When duplicating the records beneath this instruction, omit every picture and keep all else exact.

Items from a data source
..........

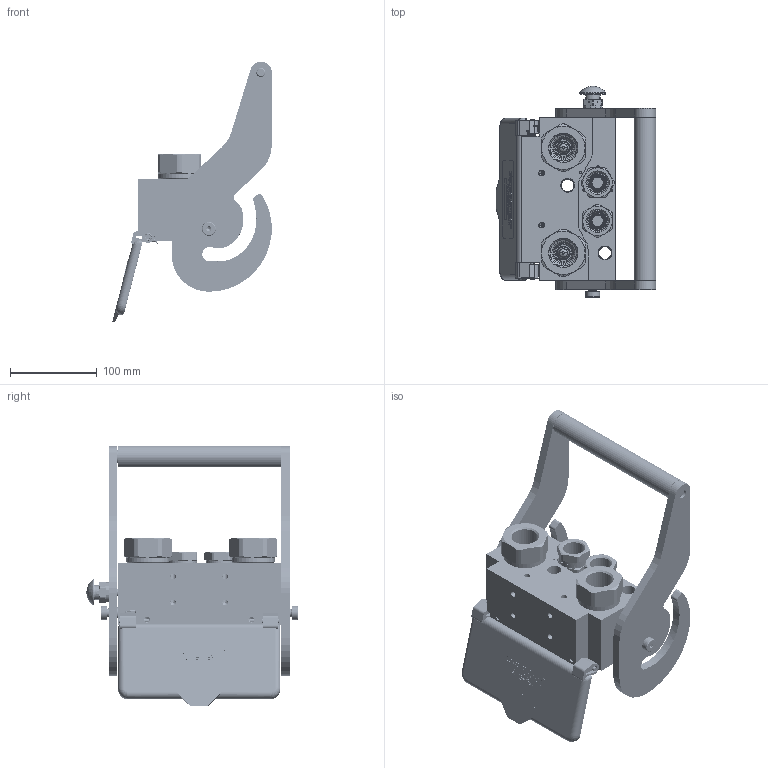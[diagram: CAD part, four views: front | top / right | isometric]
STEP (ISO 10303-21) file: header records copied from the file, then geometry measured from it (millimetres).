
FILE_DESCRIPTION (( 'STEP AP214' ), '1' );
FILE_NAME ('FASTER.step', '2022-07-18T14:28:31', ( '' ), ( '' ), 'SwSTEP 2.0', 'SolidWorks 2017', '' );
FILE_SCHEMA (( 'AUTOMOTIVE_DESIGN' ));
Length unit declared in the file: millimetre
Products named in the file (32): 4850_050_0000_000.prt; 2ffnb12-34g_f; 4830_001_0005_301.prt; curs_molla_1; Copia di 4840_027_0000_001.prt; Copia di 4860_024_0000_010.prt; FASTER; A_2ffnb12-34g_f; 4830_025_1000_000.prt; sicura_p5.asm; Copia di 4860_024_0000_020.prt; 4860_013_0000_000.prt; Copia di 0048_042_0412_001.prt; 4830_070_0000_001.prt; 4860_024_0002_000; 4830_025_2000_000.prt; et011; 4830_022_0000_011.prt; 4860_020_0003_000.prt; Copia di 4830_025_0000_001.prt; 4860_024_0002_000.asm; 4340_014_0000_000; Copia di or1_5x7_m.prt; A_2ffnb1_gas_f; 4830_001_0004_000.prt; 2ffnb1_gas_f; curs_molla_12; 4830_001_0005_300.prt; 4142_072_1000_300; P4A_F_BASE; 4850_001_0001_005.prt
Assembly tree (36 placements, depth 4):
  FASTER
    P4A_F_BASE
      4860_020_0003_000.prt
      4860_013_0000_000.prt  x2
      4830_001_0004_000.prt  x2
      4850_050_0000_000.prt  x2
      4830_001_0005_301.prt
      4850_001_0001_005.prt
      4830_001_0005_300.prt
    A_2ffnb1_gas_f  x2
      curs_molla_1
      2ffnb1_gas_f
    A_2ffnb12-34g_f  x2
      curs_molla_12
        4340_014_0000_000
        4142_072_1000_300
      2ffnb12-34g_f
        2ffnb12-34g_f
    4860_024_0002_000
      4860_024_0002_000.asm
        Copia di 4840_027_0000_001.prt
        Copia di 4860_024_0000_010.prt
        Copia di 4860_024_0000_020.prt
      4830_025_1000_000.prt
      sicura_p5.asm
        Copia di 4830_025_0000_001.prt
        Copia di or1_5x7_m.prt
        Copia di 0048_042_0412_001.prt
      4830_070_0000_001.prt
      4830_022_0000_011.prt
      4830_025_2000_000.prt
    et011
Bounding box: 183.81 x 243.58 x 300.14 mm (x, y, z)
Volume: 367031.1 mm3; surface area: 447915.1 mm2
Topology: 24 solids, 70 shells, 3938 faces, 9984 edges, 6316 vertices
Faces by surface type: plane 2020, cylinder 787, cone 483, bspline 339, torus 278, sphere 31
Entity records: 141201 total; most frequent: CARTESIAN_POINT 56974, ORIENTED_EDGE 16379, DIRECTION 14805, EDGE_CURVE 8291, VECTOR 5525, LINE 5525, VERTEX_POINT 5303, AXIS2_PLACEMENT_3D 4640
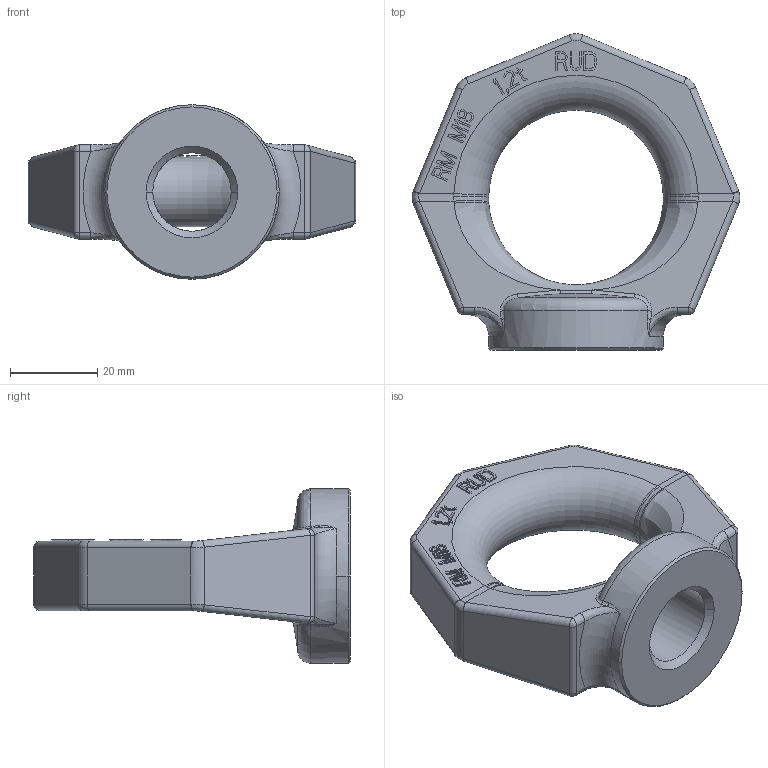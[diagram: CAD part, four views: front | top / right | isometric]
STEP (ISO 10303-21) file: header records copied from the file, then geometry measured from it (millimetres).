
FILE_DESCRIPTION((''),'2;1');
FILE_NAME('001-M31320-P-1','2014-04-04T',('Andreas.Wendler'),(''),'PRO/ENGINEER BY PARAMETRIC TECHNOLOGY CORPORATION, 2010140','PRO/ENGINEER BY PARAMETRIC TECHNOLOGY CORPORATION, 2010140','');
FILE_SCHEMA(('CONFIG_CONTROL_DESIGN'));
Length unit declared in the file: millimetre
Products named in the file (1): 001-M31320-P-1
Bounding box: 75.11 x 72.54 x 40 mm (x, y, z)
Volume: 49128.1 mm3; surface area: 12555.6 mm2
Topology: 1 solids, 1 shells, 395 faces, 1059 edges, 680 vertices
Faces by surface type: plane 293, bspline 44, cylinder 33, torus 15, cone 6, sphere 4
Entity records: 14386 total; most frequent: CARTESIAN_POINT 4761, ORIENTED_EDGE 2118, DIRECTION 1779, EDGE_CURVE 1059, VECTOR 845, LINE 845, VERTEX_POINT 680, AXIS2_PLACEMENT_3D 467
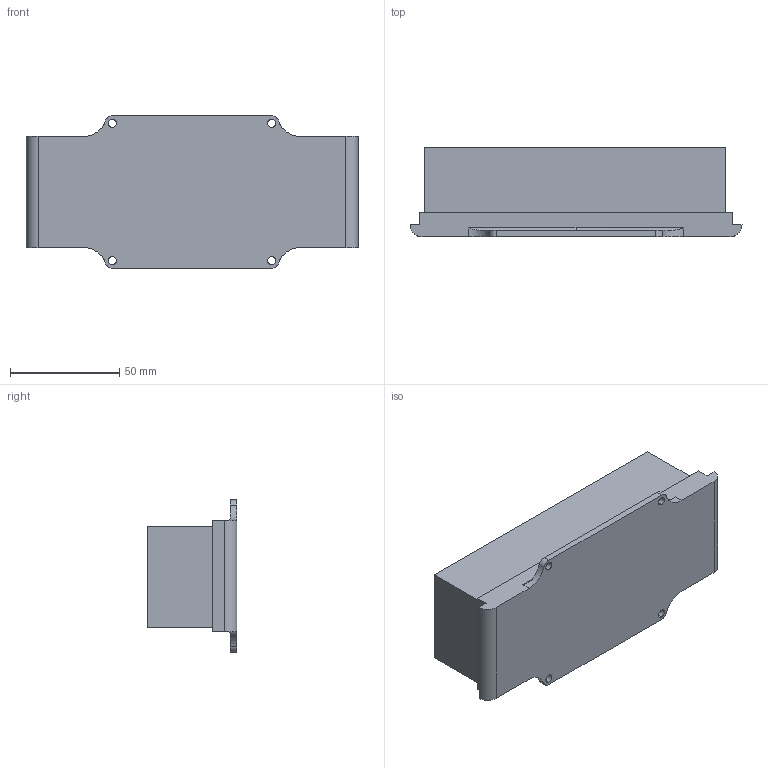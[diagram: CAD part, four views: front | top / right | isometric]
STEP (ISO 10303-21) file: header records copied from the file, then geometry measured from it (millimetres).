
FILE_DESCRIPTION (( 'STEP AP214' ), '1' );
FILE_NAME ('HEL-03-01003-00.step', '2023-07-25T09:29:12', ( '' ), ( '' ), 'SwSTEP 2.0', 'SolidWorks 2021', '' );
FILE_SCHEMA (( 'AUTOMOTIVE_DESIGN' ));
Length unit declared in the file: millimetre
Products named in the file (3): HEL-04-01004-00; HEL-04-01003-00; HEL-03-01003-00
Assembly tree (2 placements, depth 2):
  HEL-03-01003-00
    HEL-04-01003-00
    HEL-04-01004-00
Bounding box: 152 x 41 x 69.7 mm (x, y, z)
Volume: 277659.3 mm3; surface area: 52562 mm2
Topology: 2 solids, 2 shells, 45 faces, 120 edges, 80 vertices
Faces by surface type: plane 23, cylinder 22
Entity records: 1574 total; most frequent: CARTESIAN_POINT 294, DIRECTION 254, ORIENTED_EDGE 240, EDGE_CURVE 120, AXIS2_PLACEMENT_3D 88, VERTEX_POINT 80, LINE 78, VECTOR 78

..........

### SOLUTION BELOW:
[diagram: CAD part, four views: front | top / right | isometric]
STEP (ISO 10303-21) file: header records copied from the file, then geometry measured from it (millimetres).
FILE_DESCRIPTION (( 'STEP AP214' ), '1' );
FILE_NAME ('FASTER.step', '2022-07-18T14:28:31', ( '' ), ( '' ), 'SwSTEP 2.0', 'SolidWorks 2017', '' );
FILE_SCHEMA (( 'AUTOMOTIVE_DESIGN' ));
Length unit declared in the file: millimetre
Products named in the file (32): 4850_050_0000_000.prt; 2ffnb12-34g_f; 4830_001_0005_301.prt; curs_molla_1; Copia di 4840_027_0000_001.prt; Copia di 4860_024_0000_010.prt; FASTER; A_2ffnb12-34g_f; 4830_025_1000_000.prt; sicura_p5.asm; Copia di 4860_024_0000_020.prt; 4860_013_0000_000.prt; Copia di 0048_042_0412_001.prt; 4830_070_0000_001.prt; 4860_024_0002_000; 4830_025_2000_000.prt; et011; 4830_022_0000_011.prt; 4860_020_0003_000.prt; Copia di 4830_025_0000_001.prt; 4860_024_0002_000.asm; 4340_014_0000_000; Copia di or1_5x7_m.prt; A_2ffnb1_gas_f; 4830_001_0004_000.prt; 2ffnb1_gas_f; curs_molla_12; 4830_001_0005_300.prt; 4142_072_1000_300; P4A_F_BASE; 4850_001_0001_005.prt
Assembly tree (36 placements, depth 4):
  FASTER
    P4A_F_BASE
      4860_020_0003_000.prt
      4860_013_0000_000.prt  x2
      4830_001_0004_000.prt  x2
      4850_050_0000_000.prt  x2
      4830_001_0005_301.prt
      4850_001_0001_005.prt
      4830_001_0005_300.prt
    A_2ffnb1_gas_f  x2
      curs_molla_1
      2ffnb1_gas_f
    A_2ffnb12-34g_f  x2
      curs_molla_12
        4340_014_0000_000
        4142_072_1000_300
      2ffnb12-34g_f
        2ffnb12-34g_f
    4860_024_0002_000
      4860_024_0002_000.asm
        Copia di 4840_027_0000_001.prt
        Copia di 4860_024_0000_010.prt
        Copia di 4860_024_0000_020.prt
      4830_025_1000_000.prt
      sicura_p5.asm
        Copia di 4830_025_0000_001.prt
        Copia di or1_5x7_m.prt
        Copia di 0048_042_0412_001.prt
      4830_070_0000_001.prt
      4830_022_0000_011.prt
      4830_025_2000_000.prt
    et011
Bounding box: 183.81 x 243.58 x 300.14 mm (x, y, z)
Volume: 367031.1 mm3; surface area: 447915.1 mm2
Topology: 24 solids, 70 shells, 3938 faces, 9984 edges, 6316 vertices
Faces by surface type: plane 2020, cylinder 787, cone 483, bspline 339, torus 278, sphere 31
Entity records: 141201 total; most frequent: CARTESIAN_POINT 56974, ORIENTED_EDGE 16379, DIRECTION 14805, EDGE_CURVE 8291, VECTOR 5525, LINE 5525, VERTEX_POINT 5303, AXIS2_PLACEMENT_3D 4640
[diagram: CAD part, four views: front | top / right | isometric]
STEP (ISO 10303-21) file: header records copied from the file, then geometry measured from it (millimetres).
FILE_DESCRIPTION((''),'2;1');
FILE_NAME('001-M31320-P-1','2014-04-04T',('Andreas.Wendler'),(''),'PRO/ENGINEER BY PARAMETRIC TECHNOLOGY CORPORATION, 2010140','PRO/ENGINEER BY PARAMETRIC TECHNOLOGY CORPORATION, 2010140','');
FILE_SCHEMA(('CONFIG_CONTROL_DESIGN'));
Length unit declared in the file: millimetre
Products named in the file (1): 001-M31320-P-1
Bounding box: 75.11 x 72.54 x 40 mm (x, y, z)
Volume: 49128.1 mm3; surface area: 12555.6 mm2
Topology: 1 solids, 1 shells, 395 faces, 1059 edges, 680 vertices
Faces by surface type: plane 293, bspline 44, cylinder 33, torus 15, cone 6, sphere 4
Entity records: 14386 total; most frequent: CARTESIAN_POINT 4761, ORIENTED_EDGE 2118, DIRECTION 1779, EDGE_CURVE 1059, VECTOR 845, LINE 845, VERTEX_POINT 680, AXIS2_PLACEMENT_3D 467
[diagram: CAD part, four views: front | top / right | isometric]
STEP (ISO 10303-21) file: header records copied from the file, then geometry measured from it (millimetres).
FILE_DESCRIPTION (( 'STEP AP214' ), '1' );
FILE_NAME ('HEL-03-01003-00.step', '2023-07-25T09:29:12', ( '' ), ( '' ), 'SwSTEP 2.0', 'SolidWorks 2021', '' );
FILE_SCHEMA (( 'AUTOMOTIVE_DESIGN' ));
Length unit declared in the file: millimetre
Products named in the file (3): HEL-04-01004-00; HEL-04-01003-00; HEL-03-01003-00
Assembly tree (2 placements, depth 2):
  HEL-03-01003-00
    HEL-04-01003-00
    HEL-04-01004-00
Bounding box: 152 x 41 x 69.7 mm (x, y, z)
Volume: 277659.3 mm3; surface area: 52562 mm2
Topology: 2 solids, 2 shells, 45 faces, 120 edges, 80 vertices
Faces by surface type: plane 23, cylinder 22
Entity records: 1574 total; most frequent: CARTESIAN_POINT 294, DIRECTION 254, ORIENTED_EDGE 240, EDGE_CURVE 120, AXIS2_PLACEMENT_3D 88, VERTEX_POINT 80, LINE 78, VECTOR 78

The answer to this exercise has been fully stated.